Add another 2000 to cover technical/domain specific/slang words. And you should have no reason not to be able to communicate freely on day to day basis.

I got 26K (English is my 3rd language) and most of the 'strange' words are from reading too much science fiction as a kid.

+ on showing percentiles of non-native speakers tho



The Oxford Advanced Learner's dictionary has a 'defining vocabulary' of about 3500 words. They claim most definitions are limited to the use of those words and proper names. So, that 6000-8000 looks believable.


Even writers of high-brow literature use a much smaller vocabulary than the one they can read. Probably more than the newspaper, but not likely 35,000 words.

For non-native speakers, I would guess that there are quickly diminishing returns past about 10,000 words.
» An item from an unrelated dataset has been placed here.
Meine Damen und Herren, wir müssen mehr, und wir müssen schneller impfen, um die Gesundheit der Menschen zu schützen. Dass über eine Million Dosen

Much more important is how well you're able to use those first 10,000 (or maybe even 5,000). It's one thing to recognize a word when reading it, and another to be able to use it in a natural way, choosing words with the right shade of meaning, and avoiding awkward constructions or unintended connotations.
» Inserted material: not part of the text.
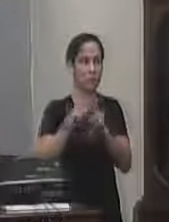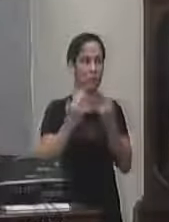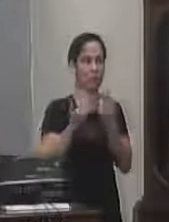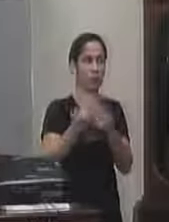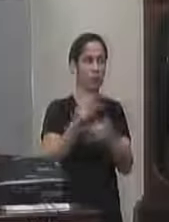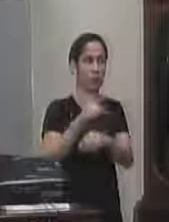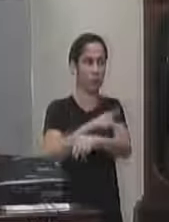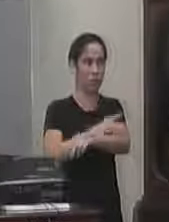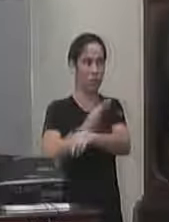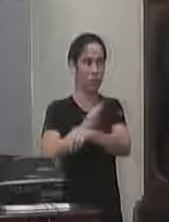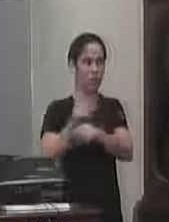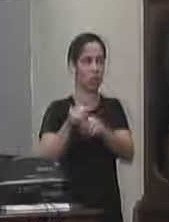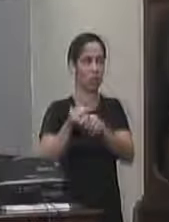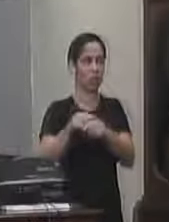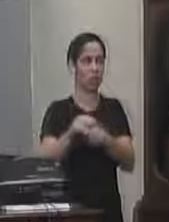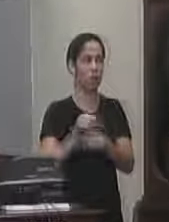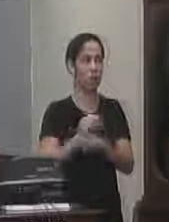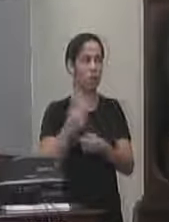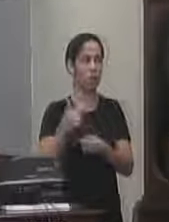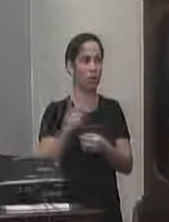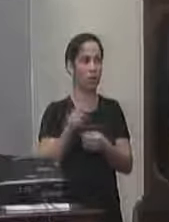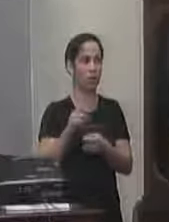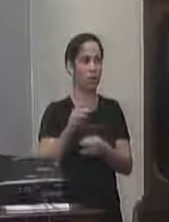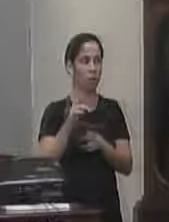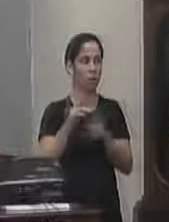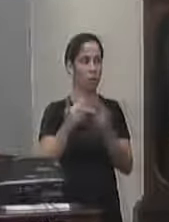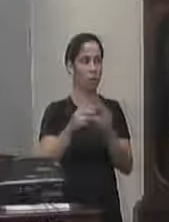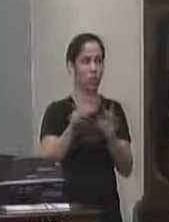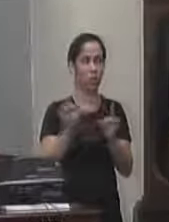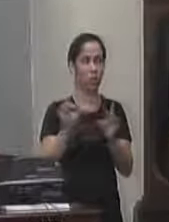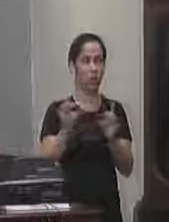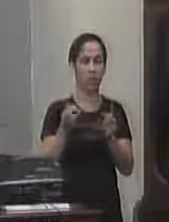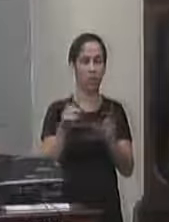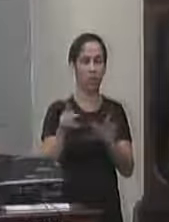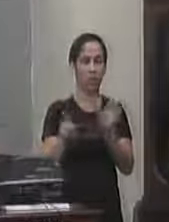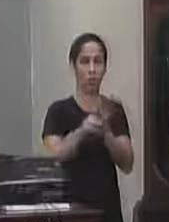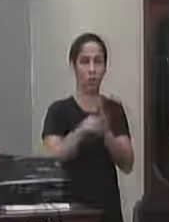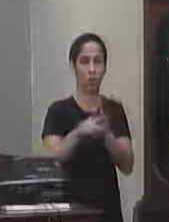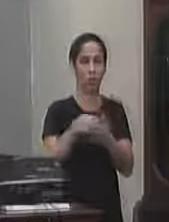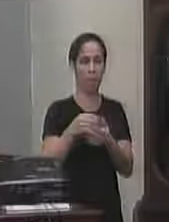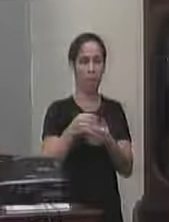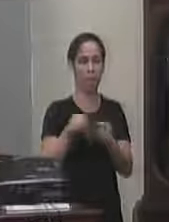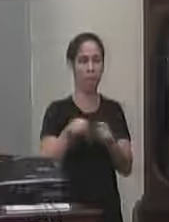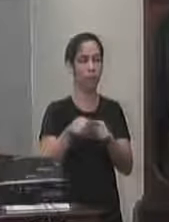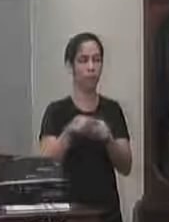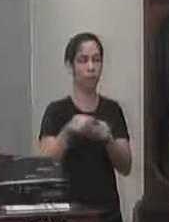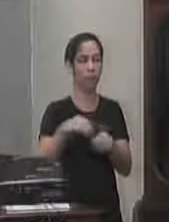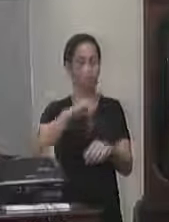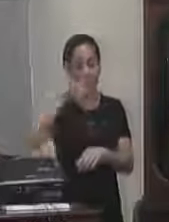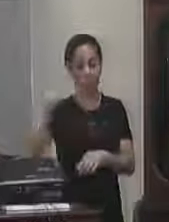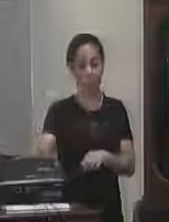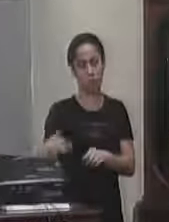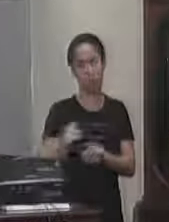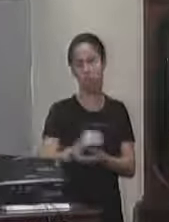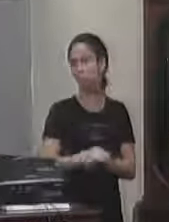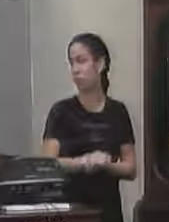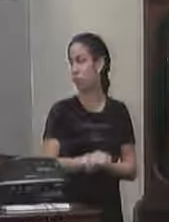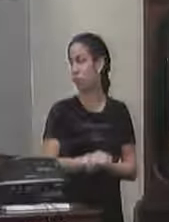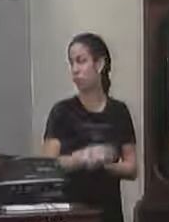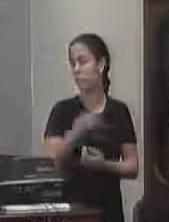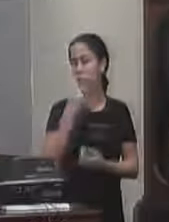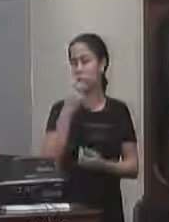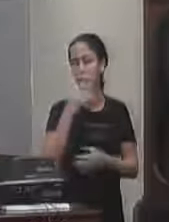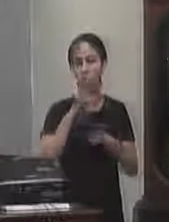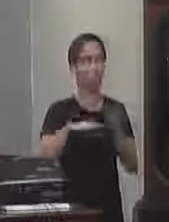pedagógica do bimestre não seria uma reunião específica comigo eles estavam lá eu aproveitei o momento falei

Googling says that Shakespeare used 31534 words , of which 14376 appear only once, 4343 twice: http://biomet.oxfordjournals.org/content/63/3/435.abstract

Not a modern corpus, but reasonable.

Strong's Exhaustive Concordance of the Bible (that would be the King James version) lists 8674 Hebrew root words for the pentateuch, and 5624 Greek root words for the New Testament.

Wikipedia suggests that full literacy in Chinese requires knowledge of about 4000 characters.


Note that in Chinese, character is not the same as word.

Most modern Mandarin words are bisyllabic, and represented by the combination of two characters, and their meaning does not necessarily derive in a straightforward way from the meanings of their constituent characters (for example, the word for "thing" is composed of the characters for "East" and "West" in conjunction)


Of those unique words, how many did Shakespear invent?

Making up new words is an easy way to boost vocabulary.


Definitely. I would have liked the test to be "would you be comfortable using this word in a sentence? (if you had to)" Even as a native speaker there are times when I know the definition of a word, but opt for a simpler word because I don't know all of the implications of using it.


And even if you were, you have to make sure that your listeners understand you, too.


Right, unless you want to ruin your point entirely by stopping to define words. Communication relies on shared vocabularies, not just one person's vocabulary.

There are plenty of words I know that I generally avoid in conversation for practical reasons. Entertainment reasons, though... I caught my wife teaching our not-yet-two-years-old daughter to use the word "etiolated" when referring to a green bean that was wilted and yellowish.